WHAT IS EXPECTED » Starting at the first entry below, repeat all the data word for word and drop the pictures.

GIVEN RECORDS »
Segment Open

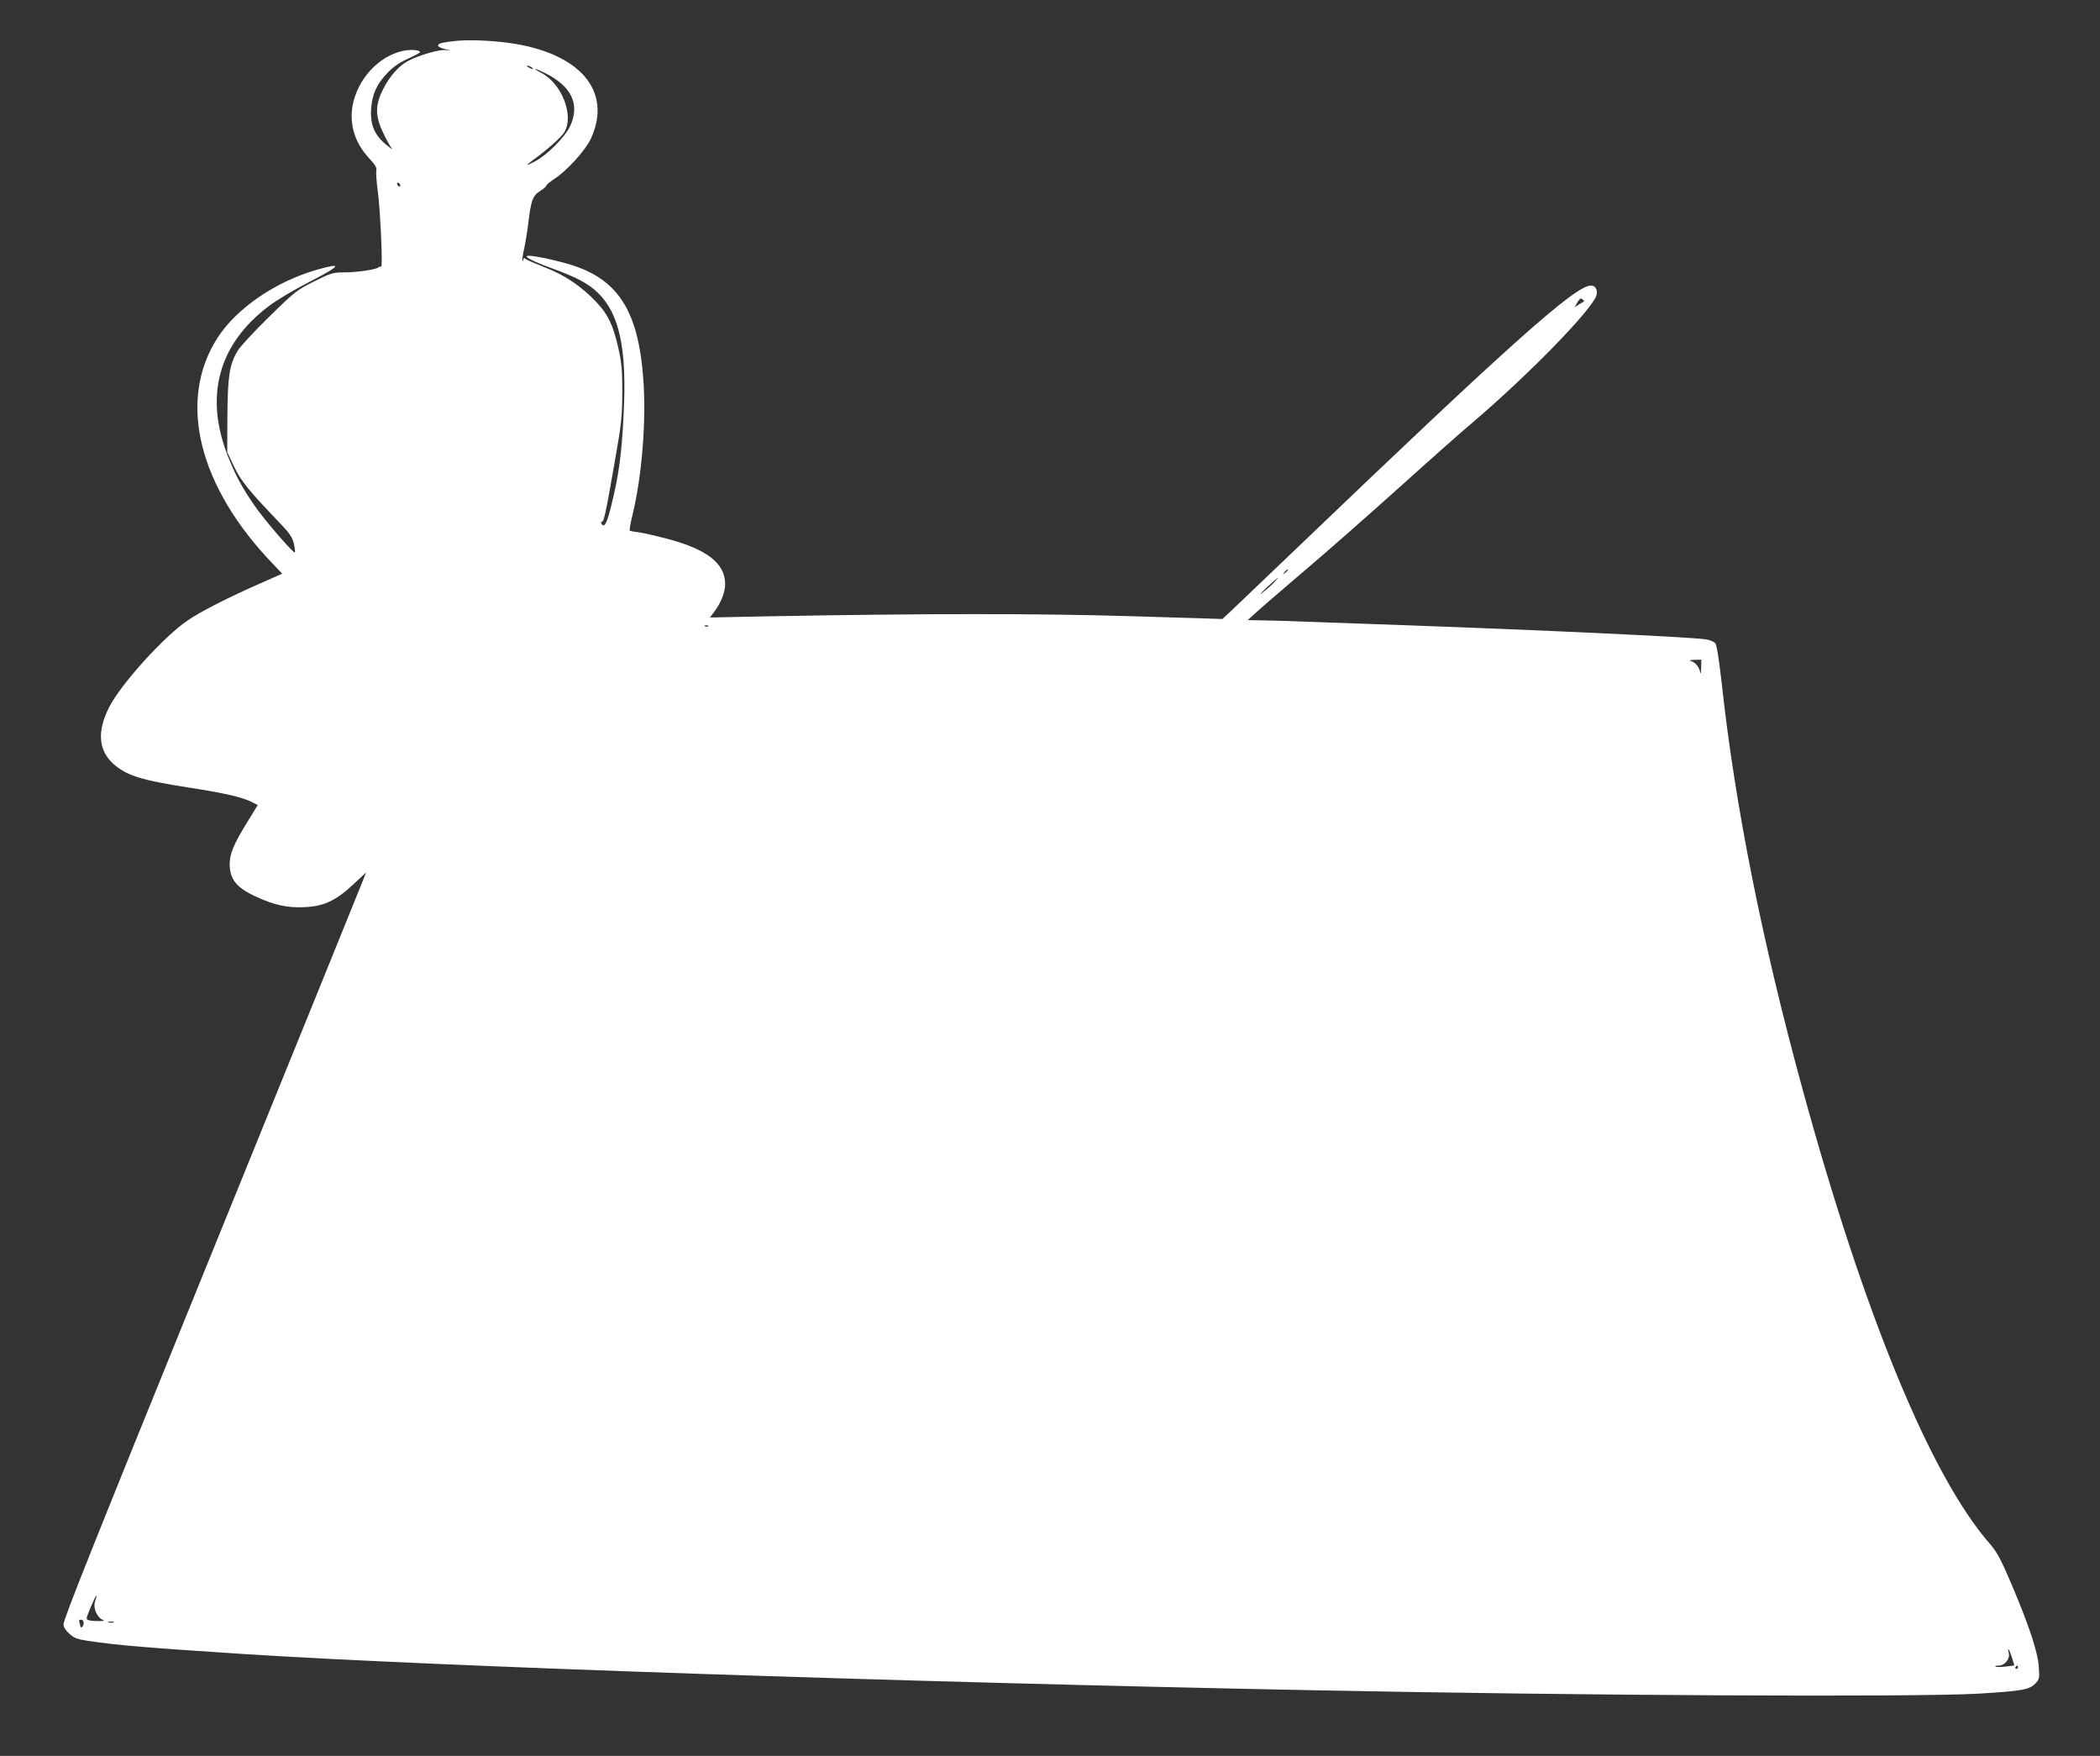 <?xml version="1.0" standalone="no"?>
<!DOCTYPE svg PUBLIC "-//W3C//DTD SVG 20010904//EN"
 "http://www.w3.org/TR/2001/REC-SVG-20010904/DTD/svg10.dtd">
<svg version="1.0" xmlns="http://www.w3.org/2000/svg"
 width="1280pt" height="1070pt" viewBox="0 0 1280 1070"
 preserveAspectRatio="xMidYMid meet">
<rect x="0" y="0" width="1280" height="1070" fill="#333333" stroke="none"/>
<g transform="translate(0,1070) scale(0.1,-0.1)"
fill="#ffffff" stroke="none">
<path d="M2772 10450 c-40 -4 -79 -11 -87 -14 -27 -10 -16 -25 28 -35 42 -11
42 -11 4 -6 -40 4 -157 -29 -229 -66 -56 -29 -112 -92 -153 -173 -49 -96 -49
-163 1 -266 19 -41 43 -84 52 -95 9 -10 -6 0 -34 23 -71 58 -98 121 -92 217 6
90 33 151 98 219 37 39 72 63 126 88 40 18 74 36 74 40 0 14 -58 18 -104 8
-150 -33 -277 -173 -307 -334 -20 -113 14 -225 96 -315 40 -43 53 -63 49 -78
-3 -12 1 -75 10 -140 15 -119 30 -460 19 -449 -3 3 -11 2 -17 -4 -17 -13 -131
-30 -211 -30 -65 0 -79 -4 -180 -55 -105 -52 -117 -61 -276 -217 -92 -90 -178
-183 -192 -208 -49 -84 -59 -154 -61 -395 l-1 -220 42 -89 c43 -89 87 -143
285 -350 53 -55 69 -80 79 -118 6 -27 9 -51 6 -54 -8 -8 -186 198 -245 284
-75 108 -117 186 -162 300 -145 366 -60 682 245 914 54 41 158 103 260 155
186 96 196 115 36 69 -252 -72 -491 -236 -606 -416 -245 -382 -116 -906 342
-1380 l53 -56 -122 -54 c-199 -87 -373 -175 -456 -232 -145 -99 -406 -388
-477 -528 -74 -145 -65 -262 24 -343 81 -73 169 -101 466 -147 209 -32 323
-58 381 -88 l35 -18 -67 -109 c-80 -130 -104 -189 -104 -250 0 -93 41 -144
160 -199 114 -52 190 -69 296 -64 118 5 191 39 299 140 l76 71 -21 -54 c-29
-74 -367 -905 -990 -2439 -644 -1585 -833 -2057 -833 -2089 0 -16 14 -37 35
-56 29 -27 48 -34 112 -44 189 -28 364 -42 961 -81 1176 -75 3973 -170 6505
-220 1648 -33 3658 -43 4055 -21 261 15 315 24 350 61 26 27 27 33 22 102 -6
91 -58 248 -165 501 -68 158 -88 197 -134 250 -360 412 -765 1394 -1142 2773
-246 899 -410 1723 -491 2464 -19 166 -31 240 -41 251 -8 9 -34 20 -57 23 -98
14 -988 56 -1832 86 -159 5 -412 15 -562 20 -149 6 -300 10 -335 10 l-63 1 55
50 c30 28 168 146 305 263 138 117 394 343 570 501 176 159 376 336 445 394
345 294 738 698 752 776 6 32 -9 55 -35 55 -95 0 -499 -361 -1787 -1595 -184
-176 -363 -347 -397 -379 l-62 -58 -558 17 c-556 17 -1260 17 -2227 -1 l-339
-7 26 34 c40 53 67 119 67 168 0 129 -110 214 -361 280 -63 16 -136 33 -164
37 -27 3 -53 8 -56 10 -4 2 4 46 17 99 57 236 84 574 65 826 -31 424 -159 617
-467 703 -49 14 -124 32 -166 39 -129 24 -94 -6 81 -70 144 -52 219 -92 276
-148 132 -128 177 -345 156 -742 -12 -241 -29 -367 -73 -545 -29 -120 -44
-148 -63 -118 -3 6 -2 10 3 10 13 0 24 50 78 360 43 243 46 279 47 430 0 142
-4 181 -26 277 -31 134 -62 198 -131 271 -90 96 -194 166 -313 212 -59 23
-113 46 -120 52 -9 7 -13 7 -13 -2 0 -8 -2 -11 -5 -8 -3 3 1 34 9 69 8 35 20
107 26 159 17 140 27 168 72 196 21 13 38 28 38 33 0 5 22 23 49 41 75 48 189
173 222 244 135 291 -66 525 -501 585 -115 15 -247 20 -328 11z m468 -160 c8
-5 11 -10 5 -10 -5 0 -17 5 -25 10 -8 5 -10 10 -5 10 6 0 17 -5 25 -10z m84
-36 c161 -81 212 -190 151 -323 -32 -67 -139 -175 -215 -215 -58 -30 -61 -28
-12 8 84 60 172 139 191 169 62 100 -14 297 -138 362 -25 13 -42 24 -37 25 4
0 31 -12 60 -26z m-884 -685 c0 -6 -4 -7 -10 -4 -5 3 -10 11 -10 16 0 6 5 7
10 4 6 -3 10 -11 10 -16z m7216 -705 c0 0 -14 -8 -30 -18 l-28 -18 17 30 c14
23 21 27 31 18 6 -6 11 -11 10 -12z m-1806 -1638 c0 -2 -8 -10 -17 -17 -16
-13 -17 -12 -4 4 13 16 21 21 21 13z m-86 -77 c-16 -17 -47 -44 -69 -61 -22
-17 -11 -3 25 31 70 65 92 80 44 30z m-3447 -265 c-3 -3 -12 -4 -19 -1 -8 3
-5 6 6 6 11 1 17 -2 13 -5z m6052 -256 c-1 -31 -4 -41 -6 -25 -5 32 -31 63
-60 70 -10 3 1 5 25 6 l42 1 -1 -52z m-9789 -5685 c-15 -41 11 -101 50 -116
20 -7 -59 -8 -86 -1 -22 6 -22 6 9 80 30 72 47 96 27 37z m-70 -132 c0 -11 -4
-23 -10 -26 -5 -3 -10 -2 -10 4 0 5 -3 16 -6 25 -4 11 -1 16 10 16 9 0 16 -8
16 -19z m183 2 c-7 -2 -21 -2 -30 0 -10 3 -4 5 12 5 17 0 24 -2 18 -5z m11571
-216 l14 -46 -55 -7 c-29 -3 -57 -4 -60 0 -4 3 5 6 19 6 37 0 71 41 62 76 -11
45 4 23 20 -29z m36 -57 c0 -5 -5 -10 -11 -10 -5 0 -7 5 -4 10 3 6 8 10 11 10
2 0 4 -4 4 -10z"/>
</g>
</svg>

Segment Closed

PROBLEM SOLUTION »
 <?xml version="1.0" standalone="no"?>
<!DOCTYPE svg PUBLIC "-//W3C//DTD SVG 20010904//EN"
 "http://www.w3.org/TR/2001/REC-SVG-20010904/DTD/svg10.dtd">
<svg version="1.0" xmlns="http://www.w3.org/2000/svg"
 width="1280pt" height="1070pt" viewBox="0 0 1280 1070"
 preserveAspectRatio="xMidYMid meet">
<rect x="0" y="0" width="1280" height="1070" fill="#333333" stroke="none"/>
<g transform="translate(0,1070) scale(0.1,-0.1)"
fill="#ffffff" stroke="none">
<path d="M2772 10450 c-40 -4 -79 -11 -87 -14 -27 -10 -16 -25 28 -35 42 -11
42 -11 4 -6 -40 4 -157 -29 -229 -66 -56 -29 -112 -92 -153 -173 -49 -96 -49
-163 1 -266 19 -41 43 -84 52 -95 9 -10 -6 0 -34 23 -71 58 -98 121 -92 217 6
90 33 151 98 219 37 39 72 63 126 88 40 18 74 36 74 40 0 14 -58 18 -104 8
-150 -33 -277 -173 -307 -334 -20 -113 14 -225 96 -315 40 -43 53 -63 49 -78
-3 -12 1 -75 10 -140 15 -119 30 -460 19 -449 -3 3 -11 2 -17 -4 -17 -13 -131
-30 -211 -30 -65 0 -79 -4 -180 -55 -105 -52 -117 -61 -276 -217 -92 -90 -178
-183 -192 -208 -49 -84 -59 -154 -61 -395 l-1 -220 42 -89 c43 -89 87 -143
285 -350 53 -55 69 -80 79 -118 6 -27 9 -51 6 -54 -8 -8 -186 198 -245 284
-75 108 -117 186 -162 300 -145 366 -60 682 245 914 54 41 158 103 260 155
186 96 196 115 36 69 -252 -72 -491 -236 -606 -416 -245 -382 -116 -906 342
-1380 l53 -56 -122 -54 c-199 -87 -373 -175 -456 -232 -145 -99 -406 -388
-477 -528 -74 -145 -65 -262 24 -343 81 -73 169 -101 466 -147 209 -32 323
-58 381 -88 l35 -18 -67 -109 c-80 -130 -104 -189 -104 -250 0 -93 41 -144
160 -199 114 -52 190 -69 296 -64 118 5 191 39 299 140 l76 71 -21 -54 c-29
-74 -367 -905 -990 -2439 -644 -1585 -833 -2057 -833 -2089 0 -16 14 -37 35
-56 29 -27 48 -34 112 -44 189 -28 364 -42 961 -81 1176 -75 3973 -170 6505
-220 1648 -33 3658 -43 4055 -21 261 15 315 24 350 61 26 27 27 33 22 102 -6
91 -58 248 -165 501 -68 158 -88 197 -134 250 -360 412 -765 1394 -1142 2773
-246 899 -410 1723 -491 2464 -19 166 -31 240 -41 251 -8 9 -34 20 -57 23 -98
14 -988 56 -1832 86 -159 5 -412 15 -562 20 -149 6 -300 10 -335 10 l-63 1 55
50 c30 28 168 146 305 263 138 117 394 343 570 501 176 159 376 336 445 394
345 294 738 698 752 776 6 32 -9 55 -35 55 -95 0 -499 -361 -1787 -1595 -184
-176 -363 -347 -397 -379 l-62 -58 -558 17 c-556 17 -1260 17 -2227 -1 l-339
-7 26 34 c40 53 67 119 67 168 0 129 -110 214 -361 280 -63 16 -136 33 -164
37 -27 3 -53 8 -56 10 -4 2 4 46 17 99 57 236 84 574 65 826 -31 424 -159 617
-467 703 -49 14 -124 32 -166 39 -129 24 -94 -6 81 -70 144 -52 219 -92 276
-148 132 -128 177 -345 156 -742 -12 -241 -29 -367 -73 -545 -29 -120 -44
-148 -63 -118 -3 6 -2 10 3 10 13 0 24 50 78 360 43 243 46 279 47 430 0 142
-4 181 -26 277 -31 134 -62 198 -131 271 -90 96 -194 166 -313 212 -59 23
-113 46 -120 52 -9 7 -13 7 -13 -2 0 -8 -2 -11 -5 -8 -3 3 1 34 9 69 8 35 20
107 26 159 17 140 27 168 72 196 21 13 38 28 38 33 0 5 22 23 49 41 75 48 189
173 222 244 135 291 -66 525 -501 585 -115 15 -247 20 -328 11z m468 -160 c8
-5 11 -10 5 -10 -5 0 -17 5 -25 10 -8 5 -10 10 -5 10 6 0 17 -5 25 -10z m84
-36 c161 -81 212 -190 151 -323 -32 -67 -139 -175 -215 -215 -58 -30 -61 -28
-12 8 84 60 172 139 191 169 62 100 -14 297 -138 362 -25 13 -42 24 -37 25 4
0 31 -12 60 -26z m-884 -685 c0 -6 -4 -7 -10 -4 -5 3 -10 11 -10 16 0 6 5 7
10 4 6 -3 10 -11 10 -16z m7216 -705 c0 0 -14 -8 -30 -18 l-28 -18 17 30 c14
23 21 27 31 18 6 -6 11 -11 10 -12z m-1806 -1638 c0 -2 -8 -10 -17 -17 -16
-13 -17 -12 -4 4 13 16 21 21 21 13z m-86 -77 c-16 -17 -47 -44 -69 -61 -22
-17 -11 -3 25 31 70 65 92 80 44 30z m-3447 -265 c-3 -3 -12 -4 -19 -1 -8 3
-5 6 6 6 11 1 17 -2 13 -5z m6052 -256 c-1 -31 -4 -41 -6 -25 -5 32 -31 63
-60 70 -10 3 1 5 25 6 l42 1 -1 -52z m-9789 -5685 c-15 -41 11 -101 50 -116
20 -7 -59 -8 -86 -1 -22 6 -22 6 9 80 30 72 47 96 27 37z m-70 -132 c0 -11 -4
-23 -10 -26 -5 -3 -10 -2 -10 4 0 5 -3 16 -6 25 -4 11 -1 16 10 16 9 0 16 -8
16 -19z m183 2 c-7 -2 -21 -2 -30 0 -10 3 -4 5 12 5 17 0 24 -2 18 -5z m11571
-216 l14 -46 -55 -7 c-29 -3 -57 -4 -60 0 -4 3 5 6 19 6 37 0 71 41 62 76 -11
45 4 23 20 -29z m36 -57 c0 -5 -5 -10 -11 -10 -5 0 -7 5 -4 10 3 6 8 10 11 10
2 0 4 -4 4 -10z"/>
</g>
</svg>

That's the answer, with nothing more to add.